EXERCISE MATERIAL:
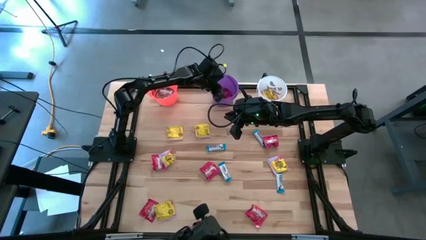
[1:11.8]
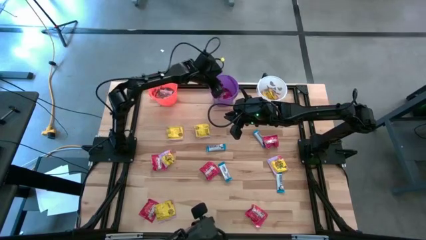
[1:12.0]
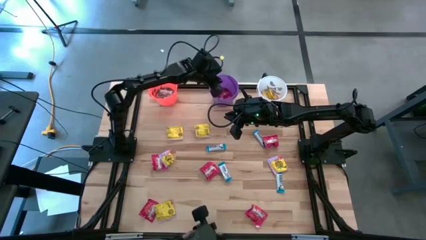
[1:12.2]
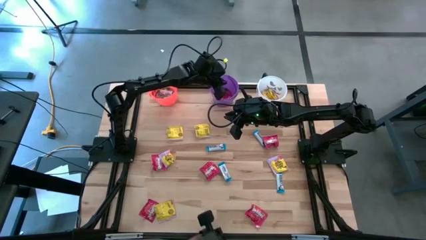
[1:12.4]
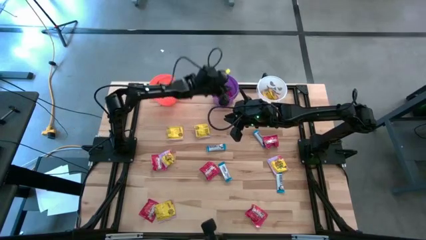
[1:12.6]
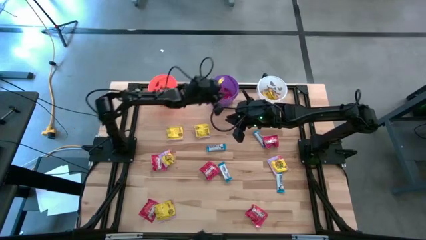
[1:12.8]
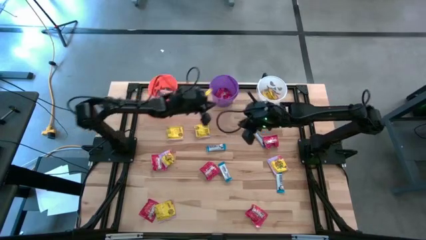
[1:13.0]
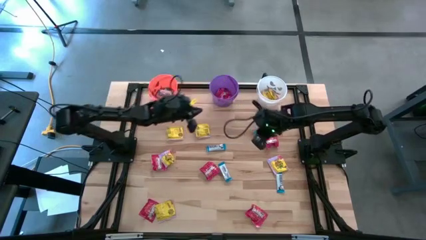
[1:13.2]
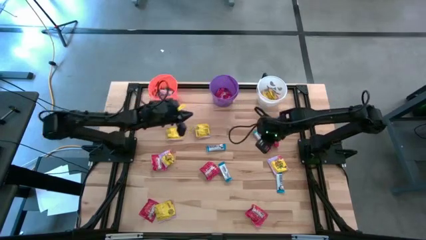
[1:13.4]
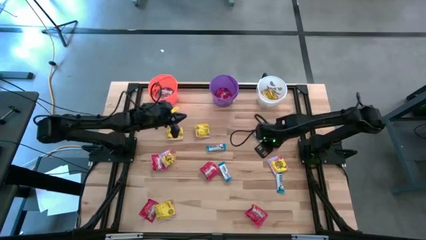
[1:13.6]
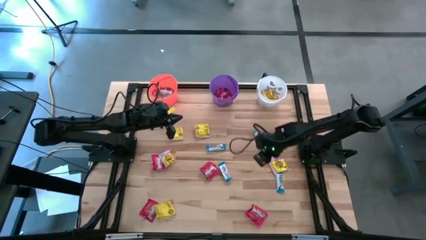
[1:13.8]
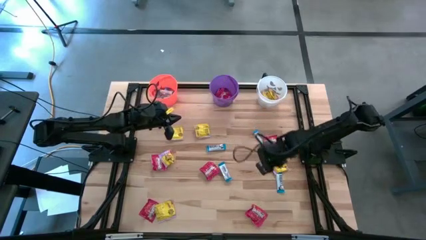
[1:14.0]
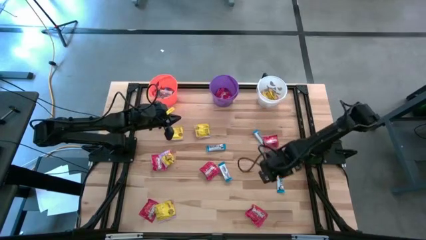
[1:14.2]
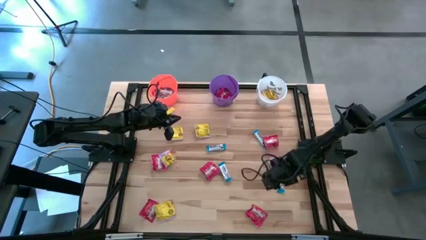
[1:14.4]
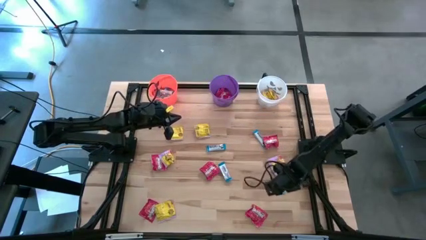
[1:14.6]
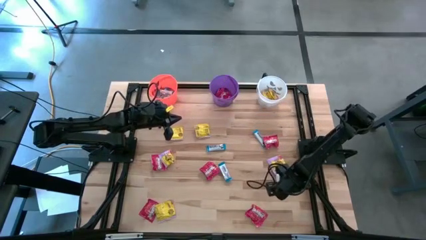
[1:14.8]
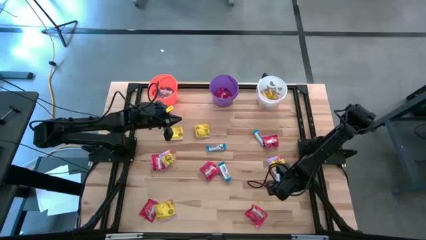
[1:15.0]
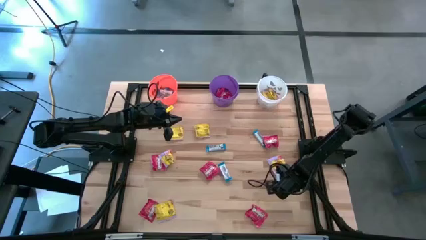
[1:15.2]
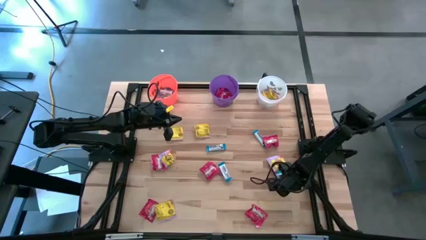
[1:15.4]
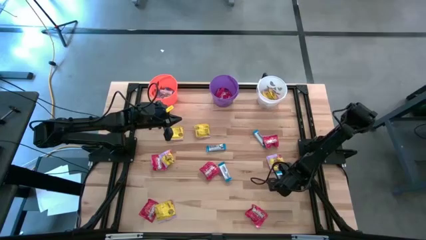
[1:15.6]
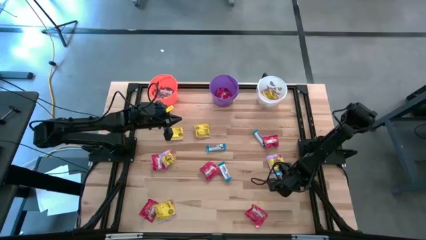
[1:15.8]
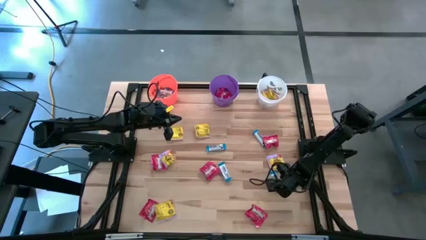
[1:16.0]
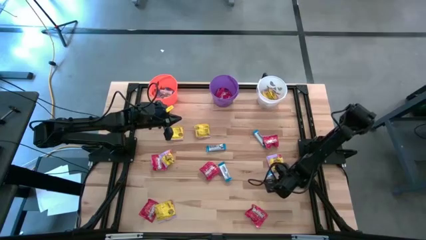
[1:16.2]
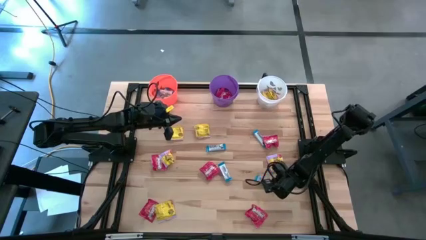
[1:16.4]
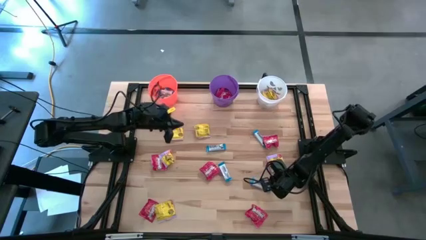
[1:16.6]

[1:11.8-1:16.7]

WORK TO COMPLETE:
All the lines above are to be given again exactly as they read, with the pictures removed.

TASK RESPONSE:
[1:11.8]
[1:12.0]
[1:12.2]
[1:12.4]
[1:12.6]
[1:12.8]
[1:13.0]
[1:13.2]
[1:13.4]
[1:13.6]
[1:13.8]
[1:14.0]
[1:14.2]
[1:14.4]
[1:14.6]
[1:14.8]
[1:15.0]
[1:15.2]
[1:15.4]
[1:15.6]
[1:15.8]
[1:16.0]
[1:16.2]
[1:16.4]
[1:16.6]

[1:11.8-1:16.7]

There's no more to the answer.